* TASK ITEM: Among the records, which lines hold the word "fill"? Pick them out.
START SOURCE DATA
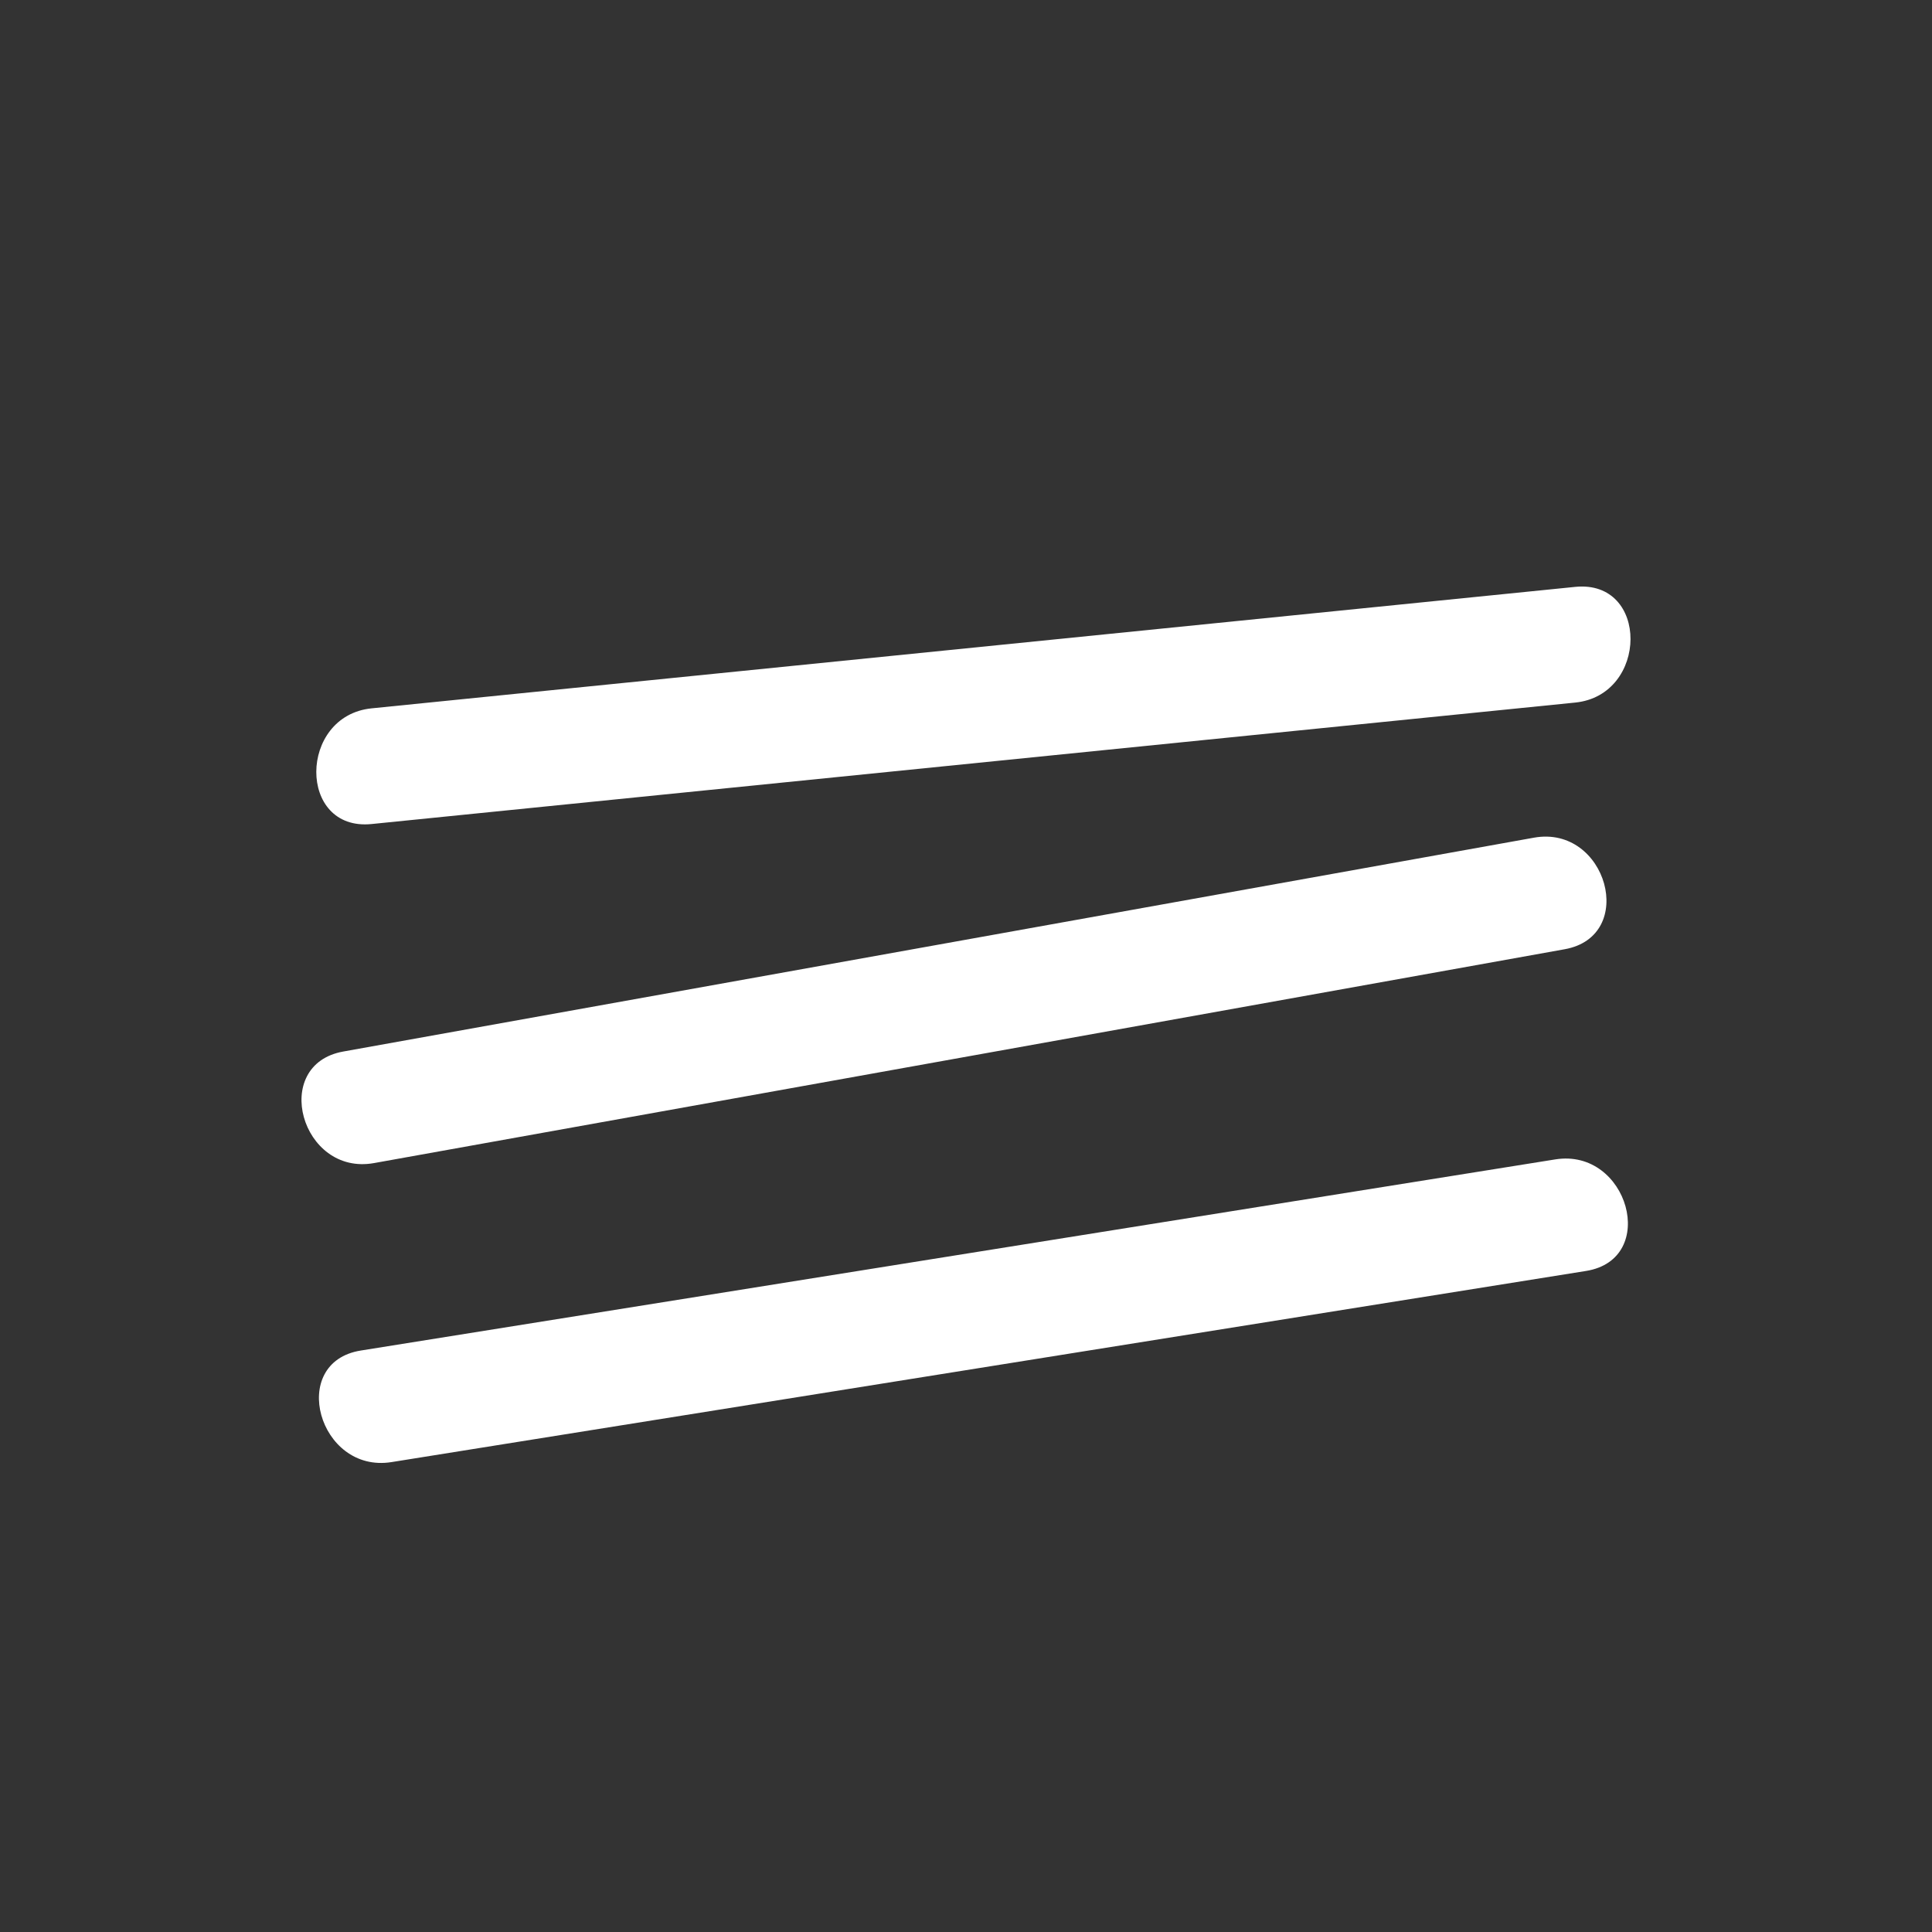 <?xml version="1.0" encoding="UTF-8"?>
<svg id="Capa_1" data-name="Capa 1" xmlns="http://www.w3.org/2000/svg" version="1.1" viewBox="0 0 1080 1080">
  <rect x="0" y="0" width="1080" height="1080" fill="#333333" stroke="none"/>
  <defs>
    <style>
      .cls-1 {
        fill: #fff;
        stroke-width: 0px;
      }
    </style>
  </defs>
  <path class="cls-1" d="M207.73,460.64c224.27-22.63,448.55-45.27,672.82-67.9,41.01-4.14,41.44-68.85,0-64.67-224.27,22.63-448.55,45.27-672.82,67.9-41.01,4.14-41.44,68.85,0,64.67h0Z"/>
  <path class="cls-1" d="M209.08,650.17c221.86-39.85,443.72-79.69,665.59-119.54,40.9-7.34,23.57-69.68-17.19-62.36-221.86,39.85-443.72,79.69-665.59,119.54-40.9,7.34-23.57,69.68,17.19,62.36h0Z"/>
  <path class="cls-1" d="M218.87,817.32c222.58-35.62,445.16-71.24,667.74-106.85,40.98-6.56,23.59-68.88-17.19-62.36-222.58,35.62-445.16,71.24-667.74,106.85-40.98,6.56-23.59,68.88,17.19,62.36h0Z"/>
</svg>
END SOURCE DATA
* REPLY:
  <rect x="0" y="0" width="1080" height="1080" fill="#333333" stroke="none"/>
        fill: #fff;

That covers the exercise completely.